**To do**
For this exercise, output exactly the lines from the opening line of the listing through the line with "The image shows 33", skipping pictures.

----

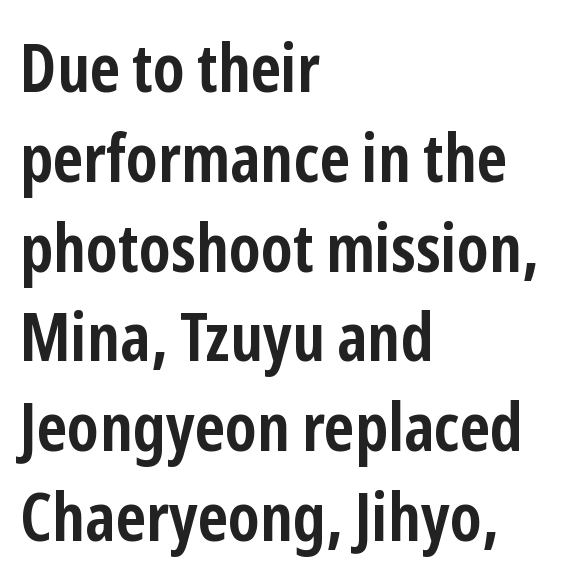
The image shows 67 px semibold, condensed sans-serif type, upright; set left-aligned, normal line spacing (1.34x), normal letter spacing, not underlined; low stroke contrast and a medium x-height.
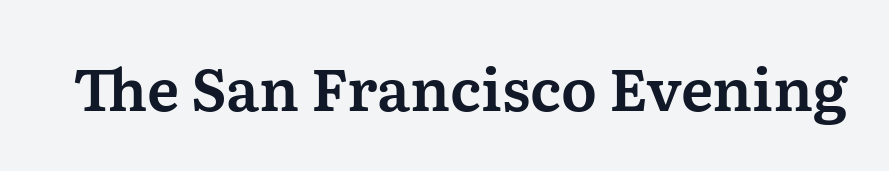
{"serif": "yes", "italic": "no", "width": "normal", "stroke_contrast": "medium", "x_height": "medium", "monospaced": "no", "underline": "no", "letter_spacing": "normal", "letter_spacing_em": 0.0, "glyph_px": 59}
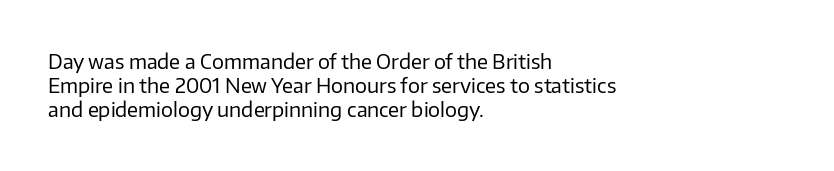
{"italic": "no", "bold": "no", "underline": "no", "align": "left", "line_spacing_ratio": 1.21, "letter_spacing": "normal", "letter_spacing_em": 0.0, "glyph_px": 20}
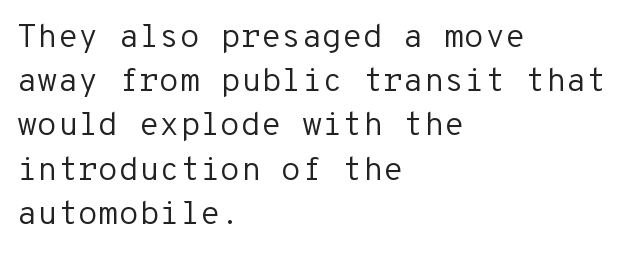
The image shows 33 px regular-weight sans-serif type, upright, monospaced; set left-aligned, normal line spacing (1.34x), normal letter spacing, not underlined; low stroke contrast and a medium x-height.
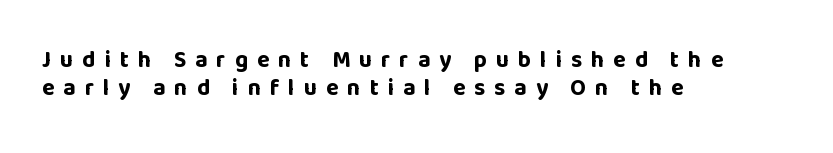
{"italic": "no", "bold": "yes", "underline": "no", "align": "left", "line_spacing_ratio": 1.22, "letter_spacing": "wide", "letter_spacing_em": 0.39, "glyph_px": 23}
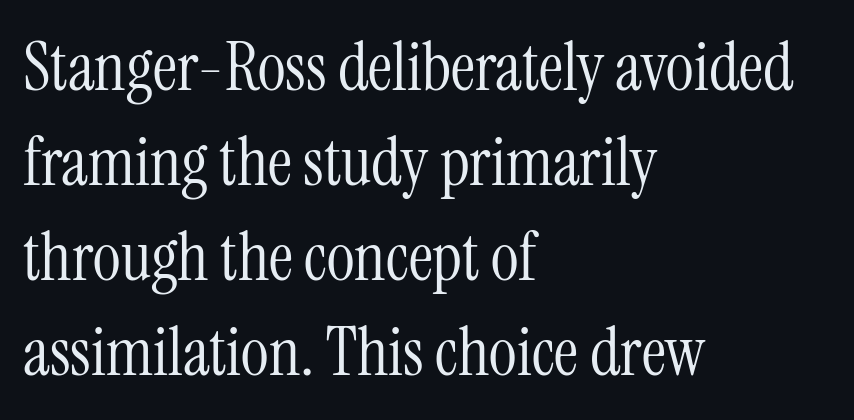
Q: Is the text bold? A: No.
Q: Is the text italic (slanted)? A: No, it is upright.
Q: Is the typeface a serif or a sans-serif typeface? A: Serif.
Q: Is the text underlined? A: No.
Q: How is the paragraph aligned? A: Left-aligned.
Q: Is the spacing between letters normal or unusually wide? A: Normal.
Q: Is the spacing between lines tight, normal or loose? A: Normal.
Q: Width (condensed, normal, or wide)? A: Condensed.
Q: Stroke contrast? A: Medium.
Q: x-height? A: Medium.
Q: Monospaced? A: No.
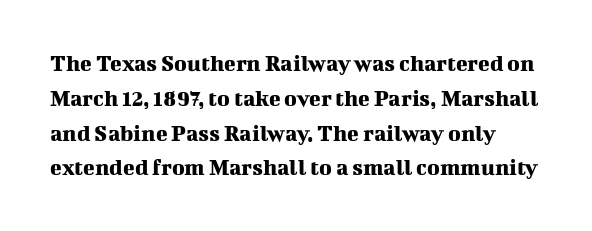
The image shows 24 px text type, upright; set normal line spacing (1.45x), normal letter spacing, not underlined.
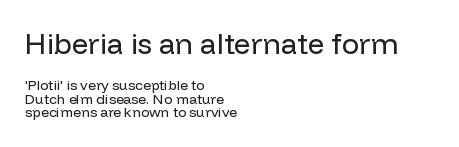
The image shows 29 px regular-weight sans-serif type, upright; set left-aligned, tight line spacing (0.97x), normal letter spacing, not underlined; the first (top) block is 2.07x larger; low stroke contrast and a medium x-height.
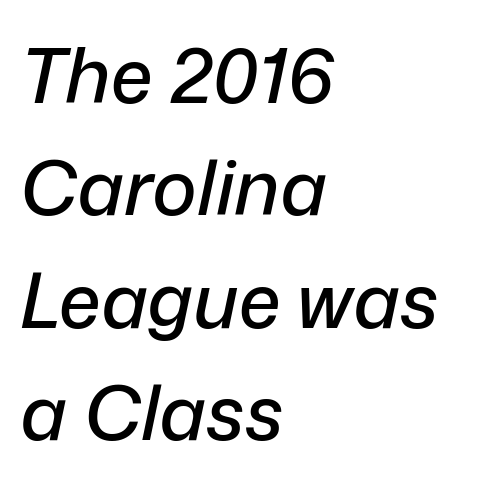
{"italic": "yes", "lean": "right", "slant_degrees": 12, "width": "normal", "stroke_contrast": "low", "x_height": "medium", "monospaced": "no", "underline": "no", "align": "left", "line_spacing": "normal", "line_spacing_ratio": 1.48, "letter_spacing": "normal", "letter_spacing_em": 0.0, "glyph_px": 76}
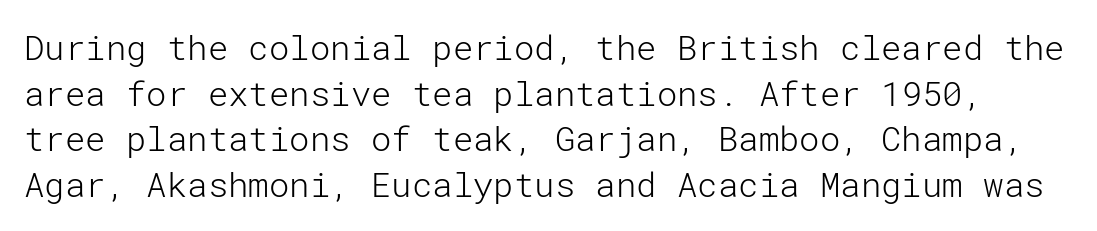
Stroke thickness stays within the range of a standard reading face or lighter. Do the letters lean? They stand straight. No word sits above an underline. Horizontal bands of white between lines are of average thickness. Standard letterfit; no display-style spreading of the glyphs.
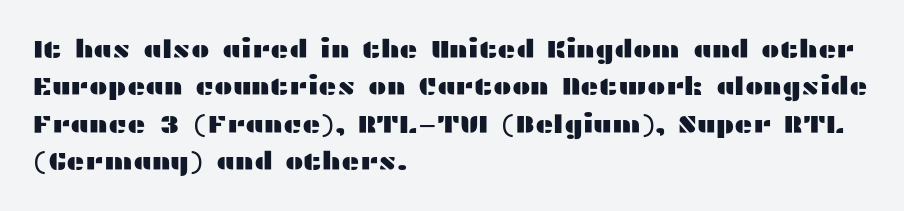
The image shows 25 px text type, upright; set left-aligned, normal line spacing (1.5x), normal letter spacing, not underlined.
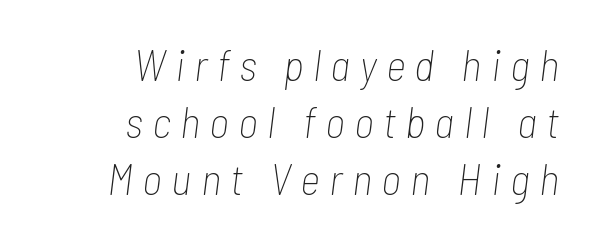
The lines sit at an ordinary, default distance from one another. You could not count columns in this text — the font is proportionally spaced. The font is comparable to plain body text, perhaps lighter. The area under the type is left untouched. How are the letters spaced? Widely, with obvious added tracking.

----

**Exercise result**
The image shows 67 px semibold, condensed sans-serif type, upright; set left-aligned, normal line spacing (1.34x), normal letter spacing, not underlined; low stroke contrast and a medium x-height.
{"serif": "yes", "italic": "no", "width": "normal", "stroke_contrast": "medium", "x_height": "medium", "monospaced": "no", "underline": "no", "letter_spacing": "normal", "letter_spacing_em": 0.0, "glyph_px": 59}
{"italic": "no", "bold": "no", "underline": "no", "align": "left", "line_spacing_ratio": 1.21, "letter_spacing": "normal", "letter_spacing_em": 0.0, "glyph_px": 20}
The image shows 33 px regular-weight sans-serif type, upright, monospaced; set left-aligned, normal line spacing (1.34x), normal letter spacing, not underlined; low stroke contrast and a medium x-height.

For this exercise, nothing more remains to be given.